The fact is: In February 2020, just before the COVID-19 pandemic reached the U.S., 152.3 million people were employed. Two months later, that number had dropped by 21.9 million, to 130.4 million. By the time Trump left office, more than half of those jobs had been recovered.
It took 17 more months, until June 2022, for the U.S. economy to recover the remaining 9 million jobs lost during the pandemic. From that perspective, the actual net gain during the Biden administration was 6.2 million jobs as of February 2024, not 15.6 million. However 6.2 million jobs is still a higher average than what former President Barack Obama achieved during his two terms (a total of 11.6 million jobs, so about 5.8 million jobs per term), with more than six months left in Biden's term.
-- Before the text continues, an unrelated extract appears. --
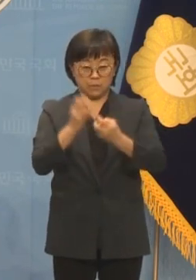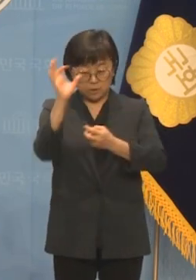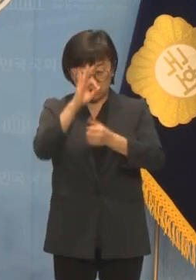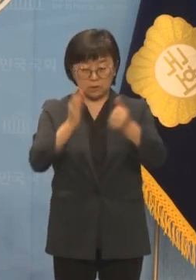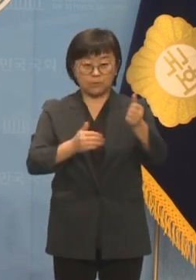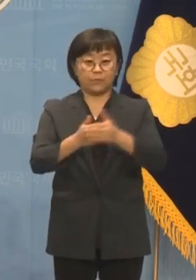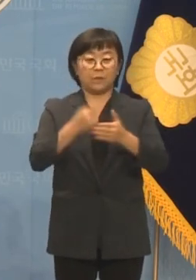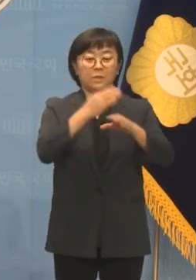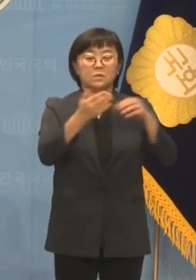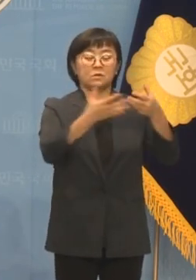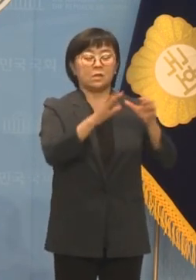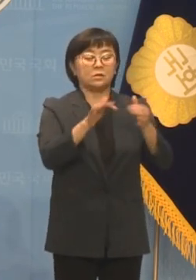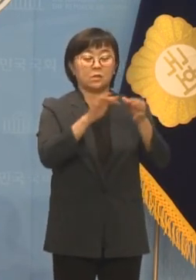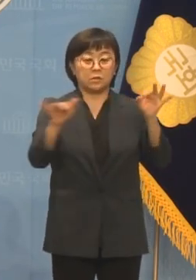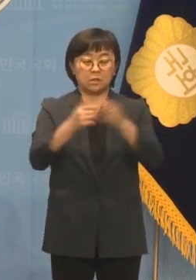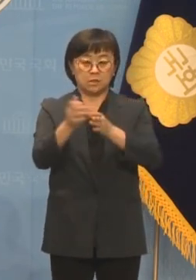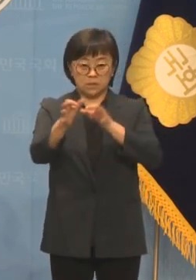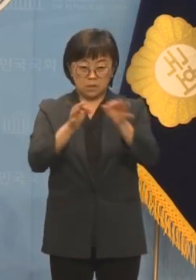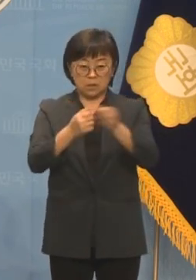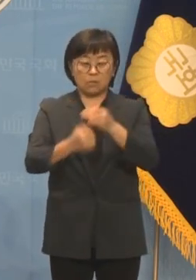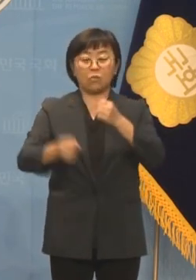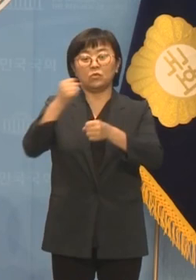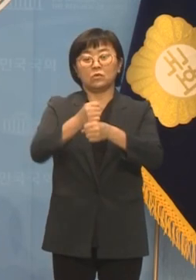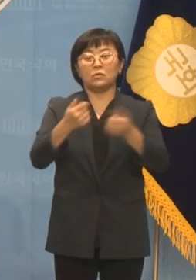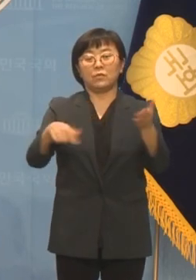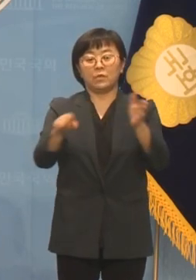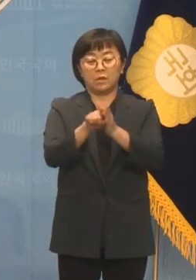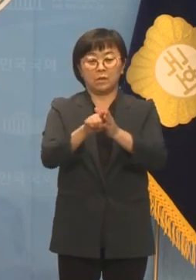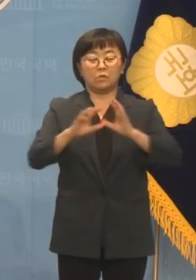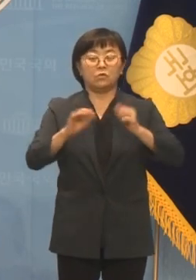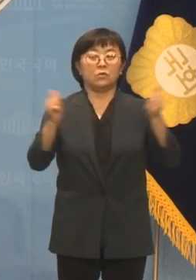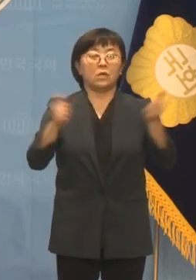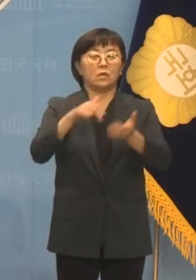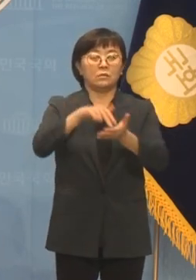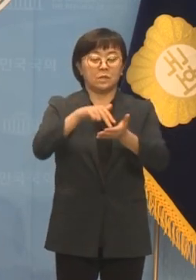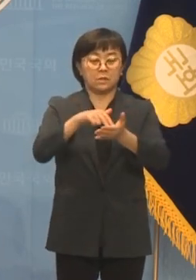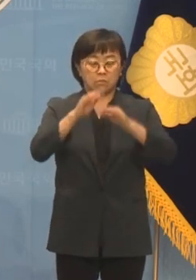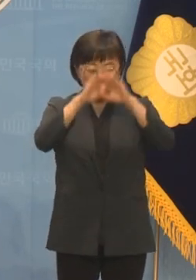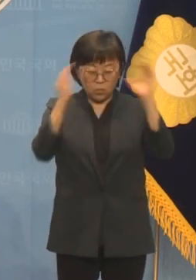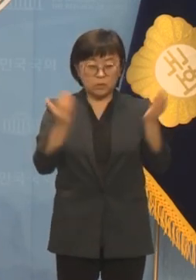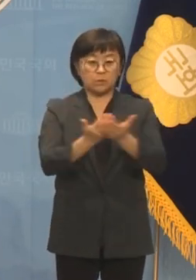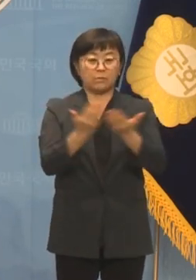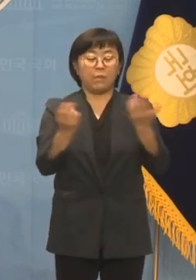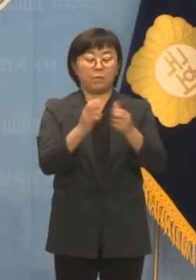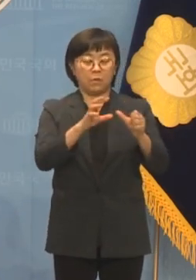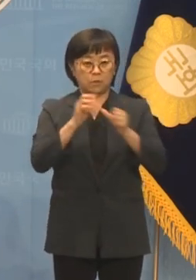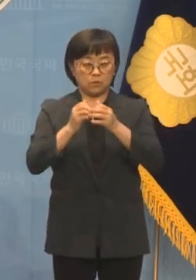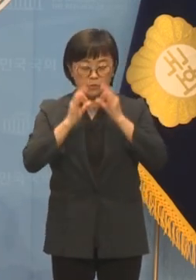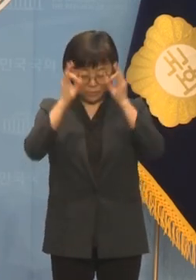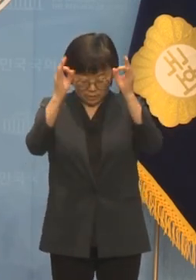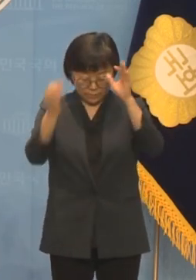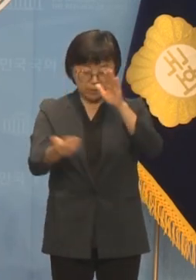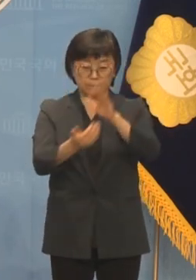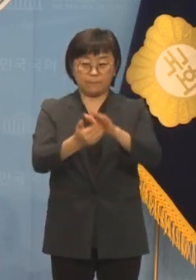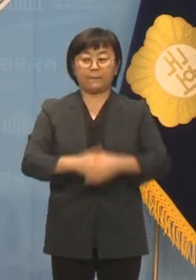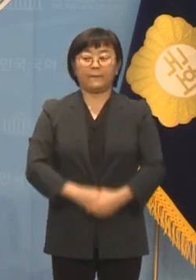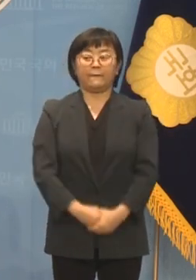더불어민주당은 서천시장의 조속한 복구를 위해 국회 차원에서 할 수 있는 모든 노력을 다하겠습니다.

But my concern is not how many new jobs are created but how much of our workforce is actually working. So, I took a look at the Biden Administration’s Bureau of Labor’s data, and this is what I found.
Although the number of employed individuals is increasing since Biden took office, the unemployment rate is also increasing as well as the participation rate and employment population ratio. This tells me that not enough jobs are being created or that persons are taking the jobs not in our labor force.